TASK TO CARRY OUT: Please set down the data word for word; images do not go in the copy.

Records from a data source
---------------
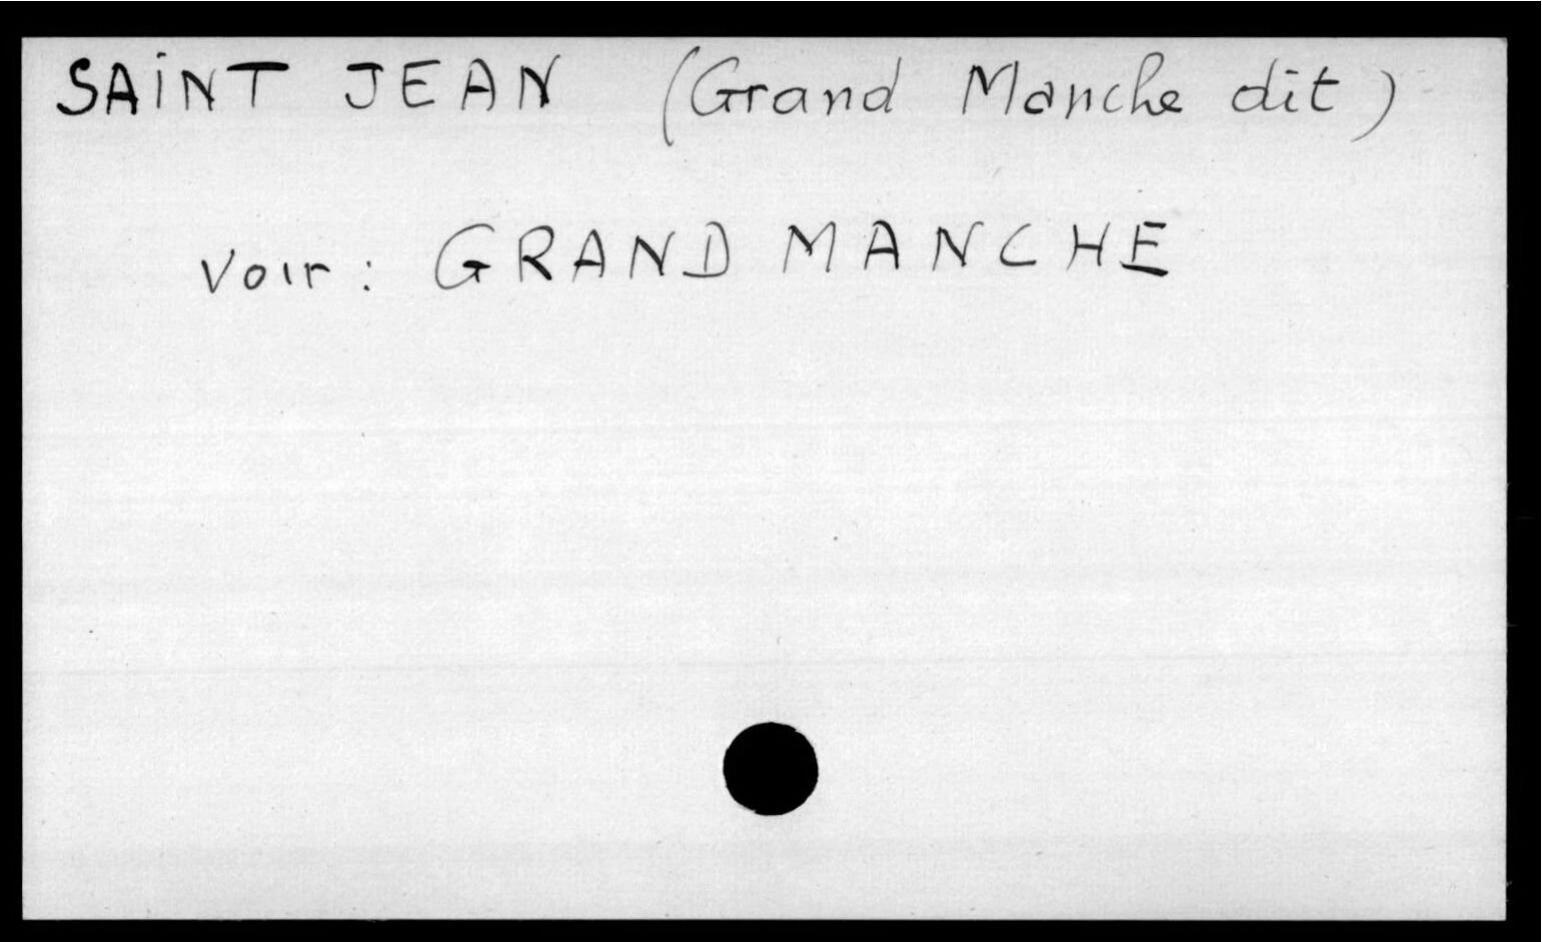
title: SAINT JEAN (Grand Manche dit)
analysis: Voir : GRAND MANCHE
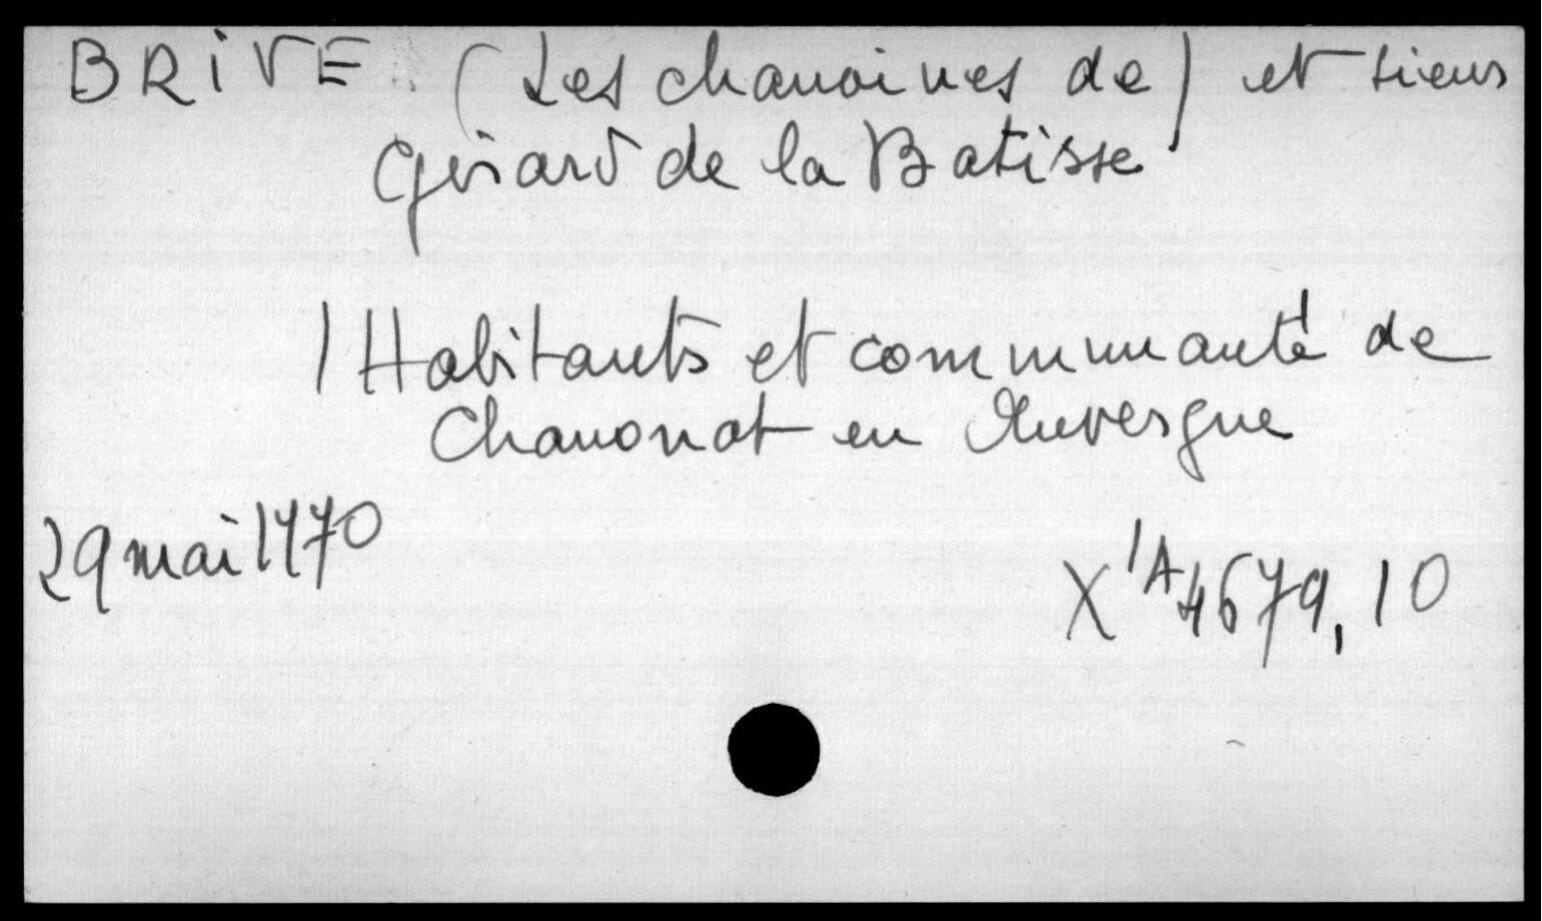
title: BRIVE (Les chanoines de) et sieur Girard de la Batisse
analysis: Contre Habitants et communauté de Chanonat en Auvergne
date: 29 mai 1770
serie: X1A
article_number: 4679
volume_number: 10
---------------
PROBLEM SOLUTION:
title: SAINT JEAN (Grand Manche dit)
analysis: Voir : GRAND MANCHE
title: BRIVE (Les chanoines de) et sieur Girard de la Batisse
analysis: Contre Habitants et communauté de Chanonat en Auvergne
date: 29 mai 1770
serie: X1A
article_number: 4679
volume_number: 10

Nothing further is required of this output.